La situation est plus sérieuse lorsque les tiroirs ne s’ouvrent pas correctement, que le plan de travail penche, que la hotte ou le four ne peut pas fonctionner normalement, ou que les raccordements présentent un risque. Dans ce cas, je conseille de cesser d’utiliser l’installation dangereuse et de demander une intervention rapide par écrit.
Le plan signé est votre référence
Le professionnel ne peut pas simplement répondre que « c’est normal » si le résultat s’écarte du devis, du plan technique ou des caractéristiques convenues. Vérifiez les dimensions, les coloris, le nombre d’éléments, l’emplacement des appareils et les prestations incluses dans la facture. Un défaut difficile à démontrer visuellement devient beaucoup plus clair lorsqu’il est comparé à un document contractuel précis.

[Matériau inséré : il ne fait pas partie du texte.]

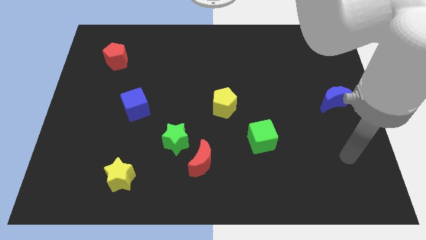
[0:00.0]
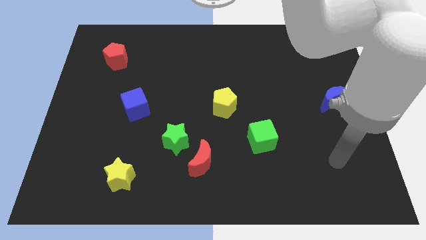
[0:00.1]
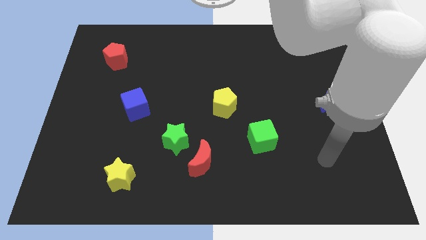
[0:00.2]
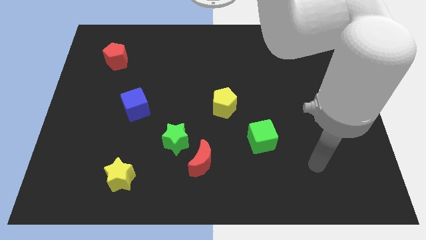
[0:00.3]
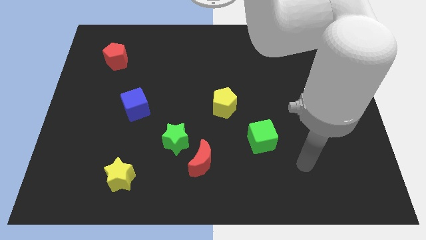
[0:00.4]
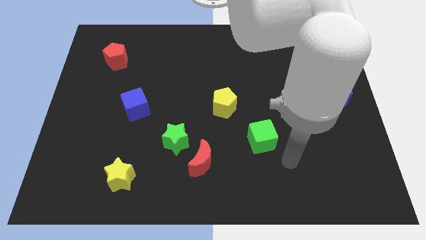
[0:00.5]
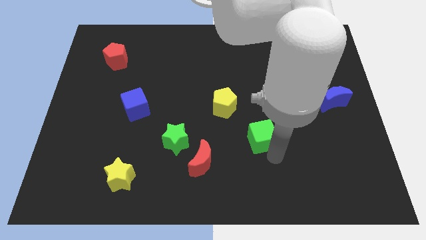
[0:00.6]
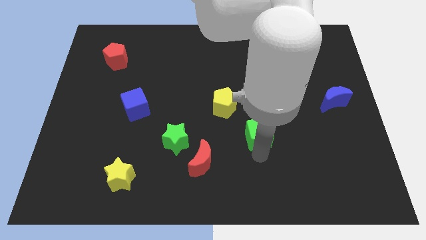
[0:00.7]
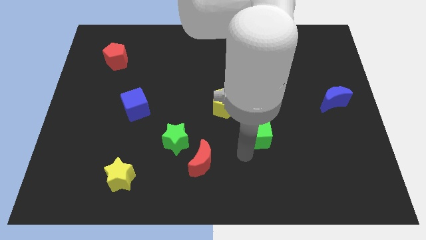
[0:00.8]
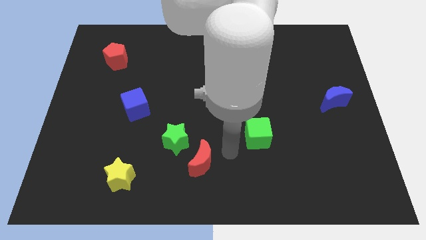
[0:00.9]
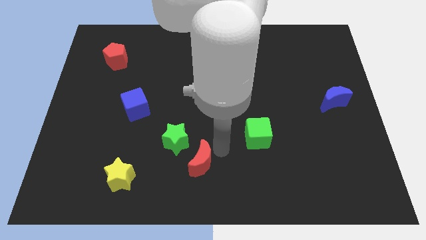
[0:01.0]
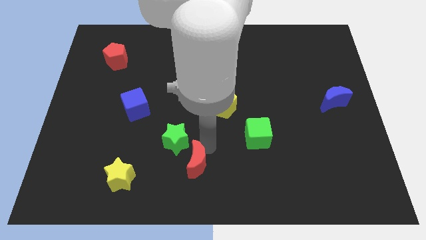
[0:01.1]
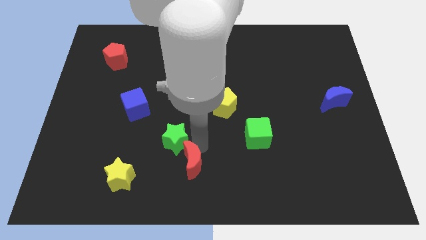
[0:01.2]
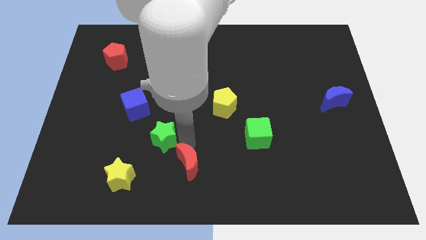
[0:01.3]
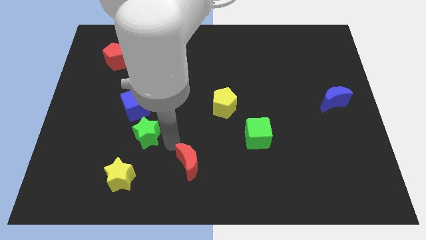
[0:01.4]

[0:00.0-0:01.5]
separate the red moon from the green star

Les premières démarches qui protègent votre dossier
Avant de réclamer un remboursement, je recommande de constituer un dossier simple mais rigoureux. Prenez des photographies datées de chaque problème, une vue générale de la cuisine et plusieurs gros plans avec un mètre ou un niveau lorsque cela aide à mesurer le défaut.
Rassemblez ensuite le devis accepté, le bon de commande, le plan d’implantation, la facture, le bon de livraison et les échanges avec le vendeur ou le poseur. Si vous avez émis des réserves lors de la réception, joignez également le document concerné. Les messages téléphoniques sont difficiles à prouver, alors confirmez chaque conversation importante par courriel.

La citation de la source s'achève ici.